Keller rightfully noted to the court that even the expert witnesses for Whole Women’s Health, the abortion clinic chain challenging HB 2, have admitted in court that there is some health benefit to the safety standards of the Pro-Life Texas law.  After being pressured by Justice Alito, Donald Verrilli, the United States Solicitor General who also spoke against House Bill 2, even admitted that not all of the medical standards and regulations required by the new law create too much of a burden.  He said only some of the structural regulations were too burdensome, like having wider hallways and doors into the operating rooms.

When asked why the plaintiffs did not want the Court to simply rule against those more burdensome rules instead of striking down the whole set of ambulatory surgical center regulation as requested, Verrilli implied that would be too difficult of a task for any court.  Keller restated later in the hearing that Texas legislators were relying on medical experts and opinions when passing House Bill 2.  Many of the amicus briefs argue that even these structural rules that opponents call too “burdensome” have a rational basis in light of the Kermit Gosnell grand jury report, which revealed that a woman died after an abortion complication when, among other things, the hallways of Gosnell’s clinic were too narrow to permit the quick and easy access of a stretcher into the room where the elective abortion was performed.

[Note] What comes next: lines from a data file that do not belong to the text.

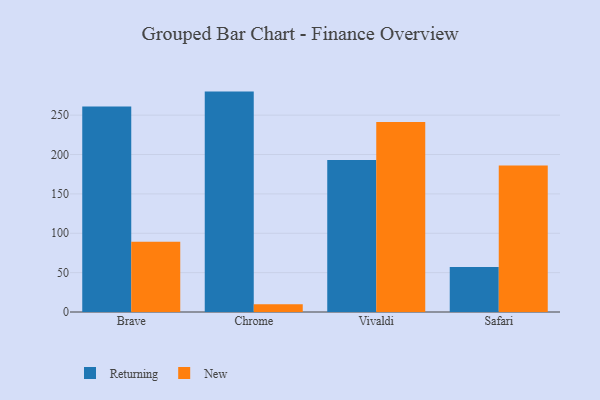
{"axis": {"x": "Browser", "y": "Active Users"}, "legend": ["New", "Returning"], "data": [{"x": "Brave", "y": 261.0, "type": "Returning"}, {"x": "Brave", "y": 89.3, "type": "New"}, {"x": "Chrome", "y": 279.9, "type": "Returning"}, {"x": "Chrome", "y": 10.0, "type": "New"}, {"x": "Vivaldi", "y": 192.9, "type": "Returning"}, {"x": "Vivaldi", "y": 241.3, "type": "New"}, {"x": "Safari", "y": 57.0, "type": "Returning"}, {"x": "Safari", "y": 186.0, "type": "New"}]}
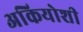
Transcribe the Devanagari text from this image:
अकियोशी
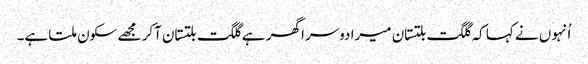
اُنہوں نے کہا کہ گلگت بلتستان میرا دوسرا گھر ہے گلگت بلتستان آکر مجھے سکون ملتا ہے۔
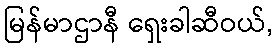
မြန်မာဌာနီ ရှေးခါဆီဝယ်,
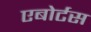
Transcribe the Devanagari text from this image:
एबोर्टस
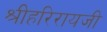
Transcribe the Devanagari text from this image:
श्रीहरिरायजी
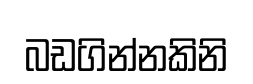
බඩගින්නකිනි
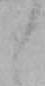
し
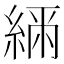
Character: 𦂲
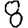
Digit: 8
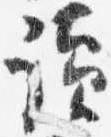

With an evident 4-3 split among the Justices in the Court, all eyes were rightfully on Justice Kennedy, who, even after the felt absence of Justice Scalia, remains the swing vote in this case.  Justice Kennedy did not show his cards on Wednesday morning.  While he was fully engaged in the hearing, he asked questions of both sides and seemed to be grappling with both issues: the medical prudence of House Bill 2’s passage as well as ensuring he fully understood the role of the Supreme Court in determining whether Texas’ state interest outweighs any potential burden on access to abortion.

During the arguments, Kennedy raised a procedural option that most commentators deemed very unlikely.  When discussing whether or not House Bill 2 caused abortion clinics to close, the question arose of the capacity of the remaining clinics in Texas and whether this would prohibit women from accessing elective abortions.  Kennedy stated that if there is not enough evidence to answer these questions, the Court can remand the case for a lower court to collect evidence regarding the capacity of Texas’ abortion clinics.

This case is a historic moment for the Pro-Life movement, not only because this is the first time in eight years the Supreme Court has considered a major Pro-Life law, but also because the outcome could set precedent or at least send a clear message about the way the Court would rule in other cases.  Either the Justices are going to redefine the High Court’s role as a heavy-handed overseeing body that determines whether or not the medical evidence relied upon in passing laws are sufficient, or the Court will reaffirm the Justices historical role of allowing states to pass reasonable Pro-Life legislation that furthers legitimate state interests.